ついに決勝トーナメントへ突入しているカタールW杯。世界各国が白熱の戦いを繰り広げる中で目立つのはアディショナルタイムの増加だが、その他にレフェリングにおいてどのような傾向が見られているのか。グループステージ終了時点での3つのトレンドを攻劇氏に解説してもらった。

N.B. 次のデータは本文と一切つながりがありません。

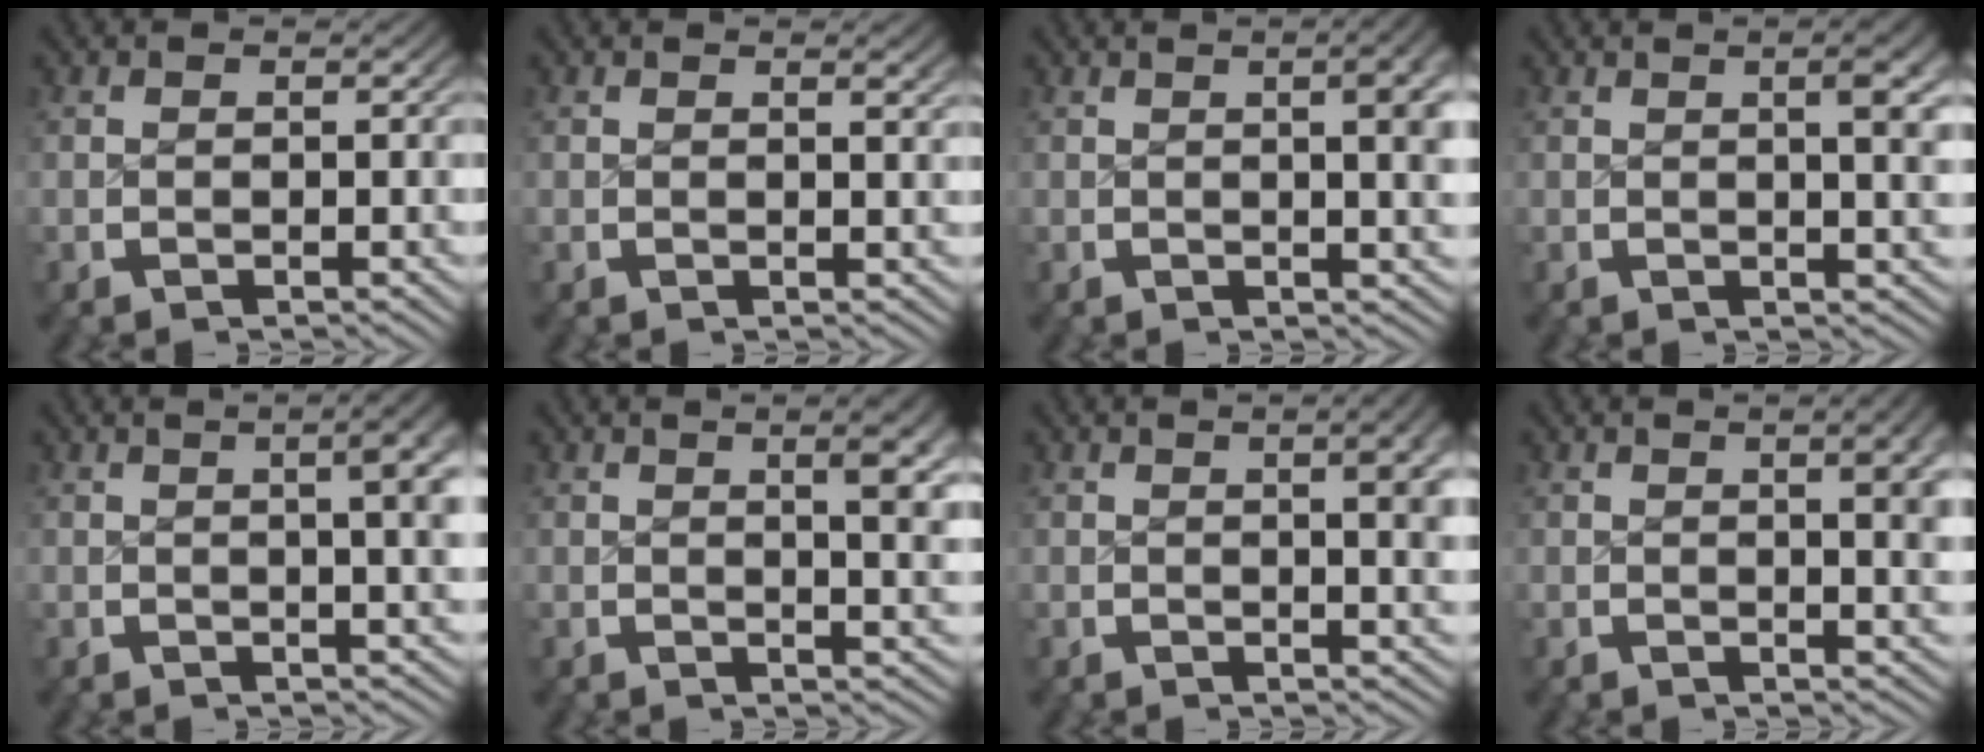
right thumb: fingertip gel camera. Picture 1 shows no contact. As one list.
[{"total": 0.8, "force": [0.5, 0.0, 0.6], "torque": [-0.007, -0.002, 0.008]}, {"total": 5.3, "force": [1.2, 1.8, 4.9], "torque": [-0.044, 0.009, 0.016]}, {"total": 4.0, "force": [1.1, 1.2, 3.7], "torque": [-0.037, 0.003, 0.017]}, {"total": 7.2, "force": [2.1, 2.9, 6.3], "torque": [-0.056, 0.020, 0.023]}, {"total": 4.9, "force": [1.5, 1.4, 4.4], "torque": [-0.046, -0.001, 0.023]}, {"total": 4.6, "force": [1.1, 1.5, 4.2], "torque": [-0.039, 0.005, 0.017]}, {"total": 4.2, "force": [1.1, 1.2, 3.9], "torque": [-0.038, 0.002, 0.017]}]
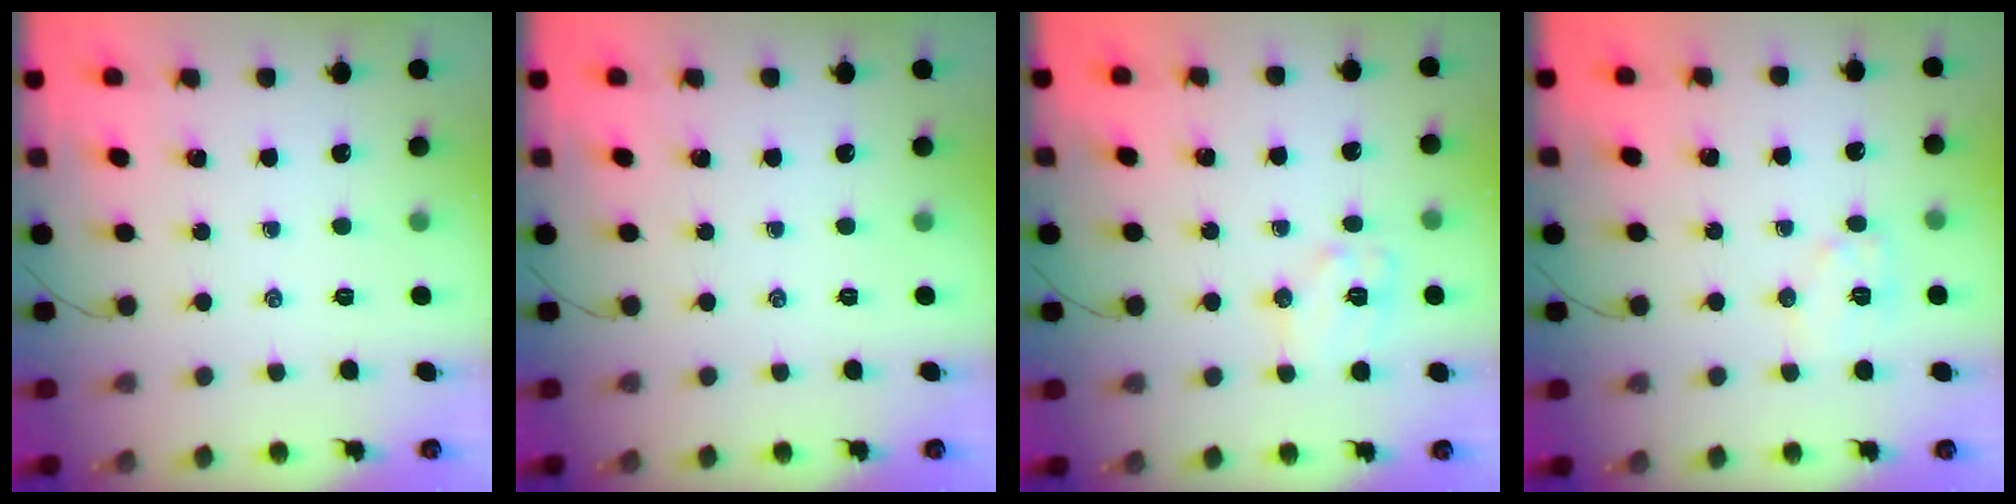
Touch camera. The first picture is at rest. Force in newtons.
{"total": 0.0}
{"total": 10.0, "press": 10.0, "slide": 0.5}
{"total": 6.8, "press": 6.8, "slide": 0.6}
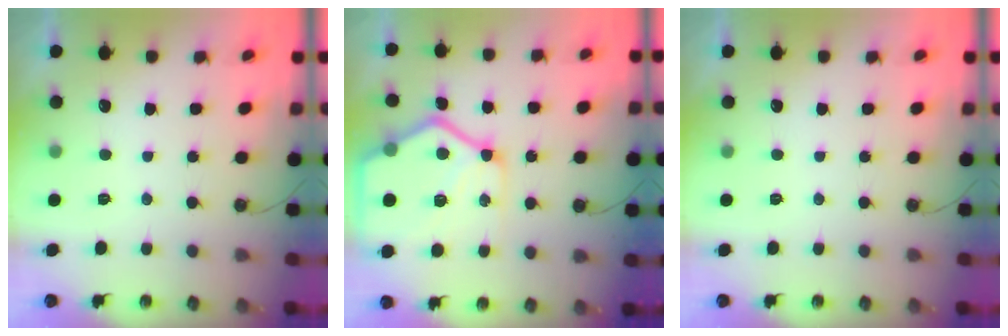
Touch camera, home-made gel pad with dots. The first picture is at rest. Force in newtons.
{"total": 20.1, "press": 20.0, "slide": 2.0}
{"total": 0.0}
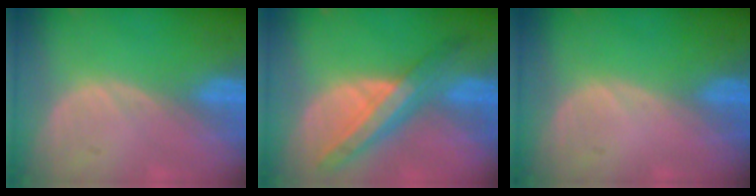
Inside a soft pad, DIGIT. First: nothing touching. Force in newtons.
{"total": 8.4, "press": 7.5, "slide": 3.8}
{"total": 0.0}
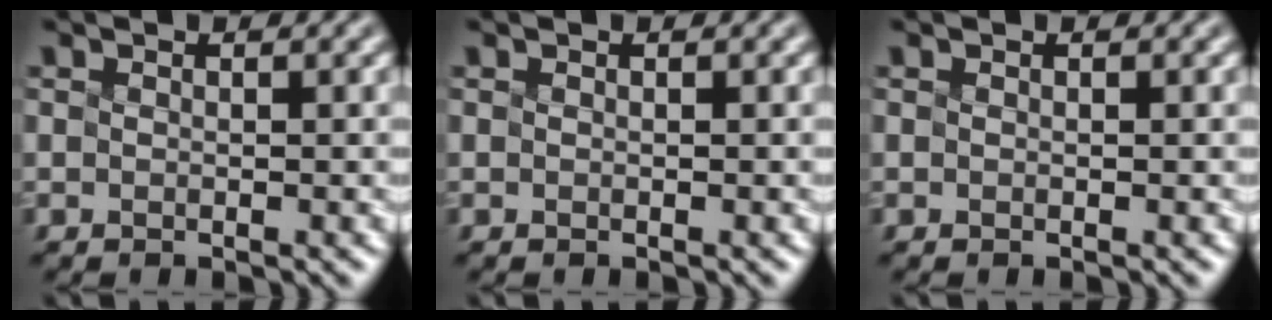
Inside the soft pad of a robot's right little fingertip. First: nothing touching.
{"total": 0.0}
{"total": 0.0}

 4年に1度の祭典、ワールドカップ。今大会は日本代表のグループEにおける快進撃に代表されるように多くのアップセットが生まれ、目の離せない大会となっている。今回は、グループステージ終了時点までの試合から分かるレフェリングの傾向3つを紹介していく。

トレンド①アディショナルタイム増加

 最も話題となっているのが、アディショナルタイムの増加だ。日本が金星を挙げたドイツ戦で、解説の本田圭佑が“後半アディショナルタイム7分”の表示を見て驚きの声を上げたシーンは記憶に新しい。前半であっても5分以上が追加される場合がほとんどであり、誰もが経験したことのない基準で試合が行われている。

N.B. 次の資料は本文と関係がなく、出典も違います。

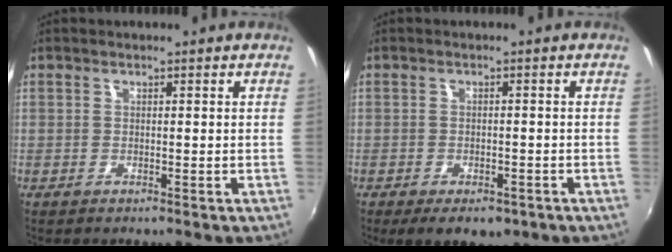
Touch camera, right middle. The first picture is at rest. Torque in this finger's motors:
{"motor_torque": [0.44, -0.42, 0.05, 0.06]}
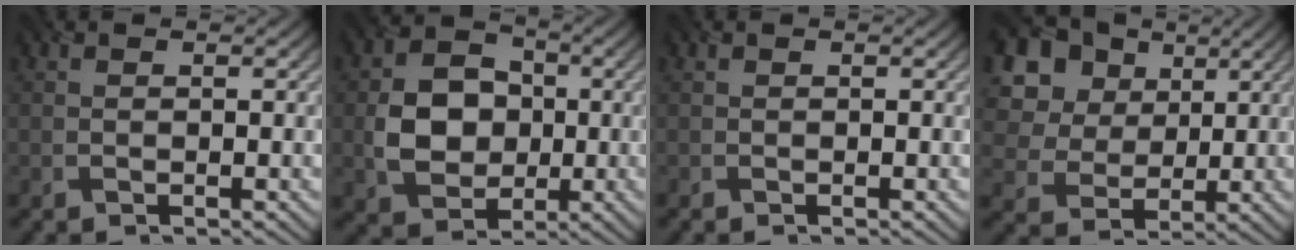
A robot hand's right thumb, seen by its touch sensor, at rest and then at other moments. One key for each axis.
{"total": 8.3, "fx": -0.5, "fy": 6.7, "fz": 4.8, "tx": -0.101, "ty": 0.001, "tz": -0.017}
{"total": 0.0}
{"total": 14.9, "fx": 6.9, "fy": 11.4, "fz": 6.7, "tx": -0.216, "ty": 0.026, "tz": 0.162}
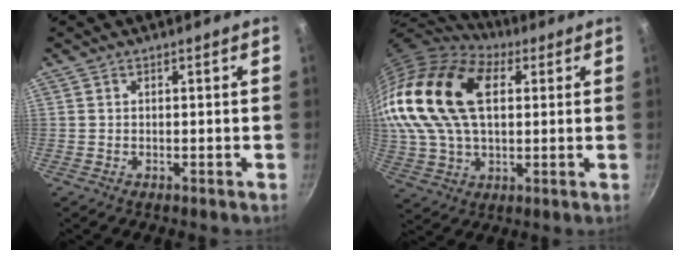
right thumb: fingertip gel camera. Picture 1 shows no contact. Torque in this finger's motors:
{"motor_torque": [-0.43, 3.14, 1.76, -1.01, 0.74]}
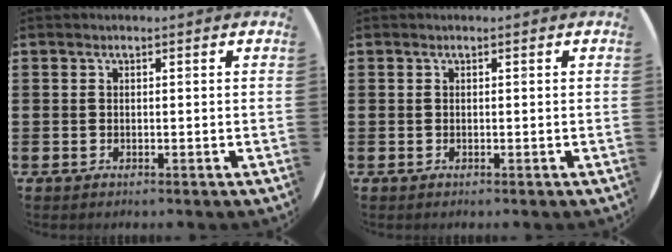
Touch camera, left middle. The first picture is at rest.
{"total": 0.0}
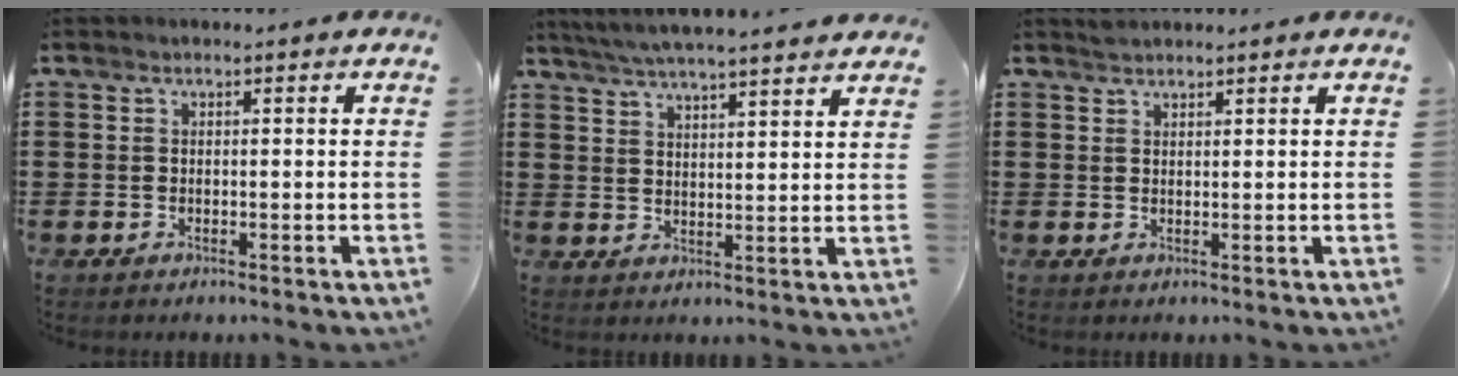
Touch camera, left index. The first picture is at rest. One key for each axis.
{"total": 5.0, "fx": 4.8, "fy": -0.4, "fz": 1.5, "tx": -0.045, "ty": -0.022, "tz": 0.084}
{"total": 1.4, "fx": 1.4, "fy": 0.1, "fz": 0.2, "tx": -0.005, "ty": 0.001, "tz": 0.026}
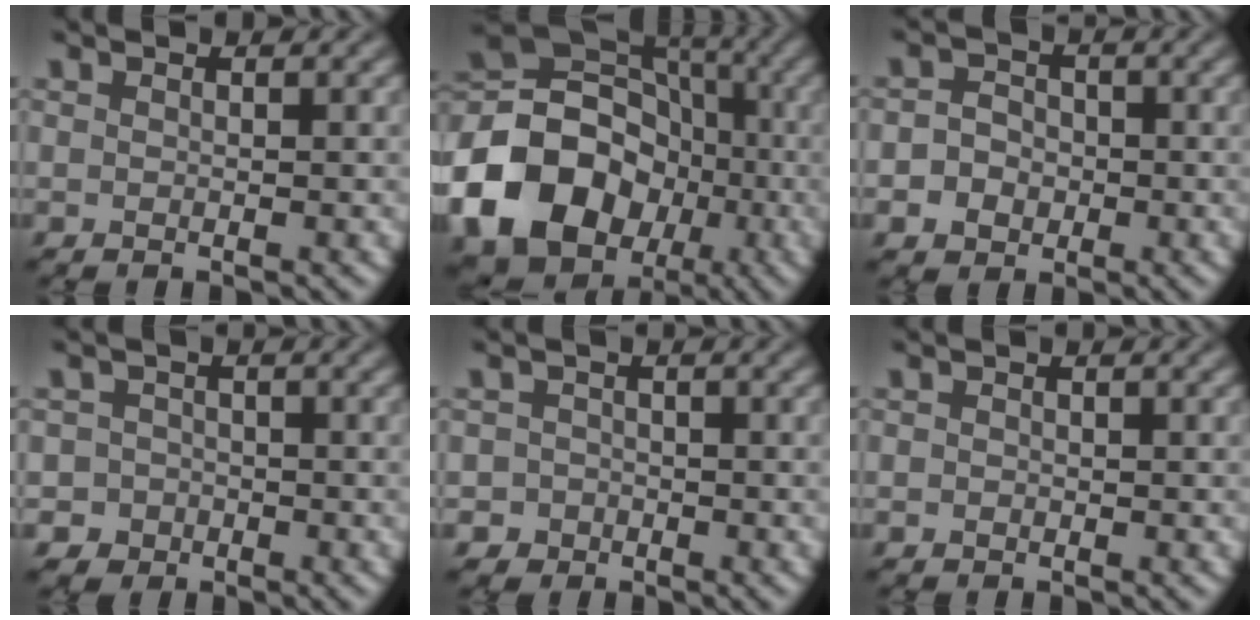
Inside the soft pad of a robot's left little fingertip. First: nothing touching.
{"total": 19.7, "force": [-6.8, 16.5, 8.3], "torque": [-0.170, -0.019, -0.142]}
{"total": 3.3, "force": [-0.8, 3.0, 1.2], "torque": [0.004, 0.007, -0.029]}
{"total": 2.9, "force": [-1.2, 2.6, 0.0], "torque": [0.031, 0.003, -0.026]}
{"total": 2.1, "force": [-1.0, 1.8, -0.1], "torque": [0.027, 0.006, -0.020]}
{"total": 0.5, "force": [-0.2, 0.5, 0.2], "torque": [-0.001, -0.003, -0.003]}

 この背景にはFIFAの思惑がある。FIFAは魅力ある競技・大会をつねに目指しており、IFAB(国際サッカー評議会)が毎年行う競技規則改正にもその狙いが表れている。また、次回から48カ国制となるW杯についても、小国が参加することで世界全体からより多くの関心が集まる大会にしたいということだろう。W杯は世界最大級のスポーツイベントとして多くの視聴者を抱える一方、勝利への執念から巧みに選手が時間を使うシーンも多く目にされてきた。アクチュアルプレーイングタイムが50分に達していない試合もしばしばあり、サッカーが持つ魅力を守るために改善が求められた。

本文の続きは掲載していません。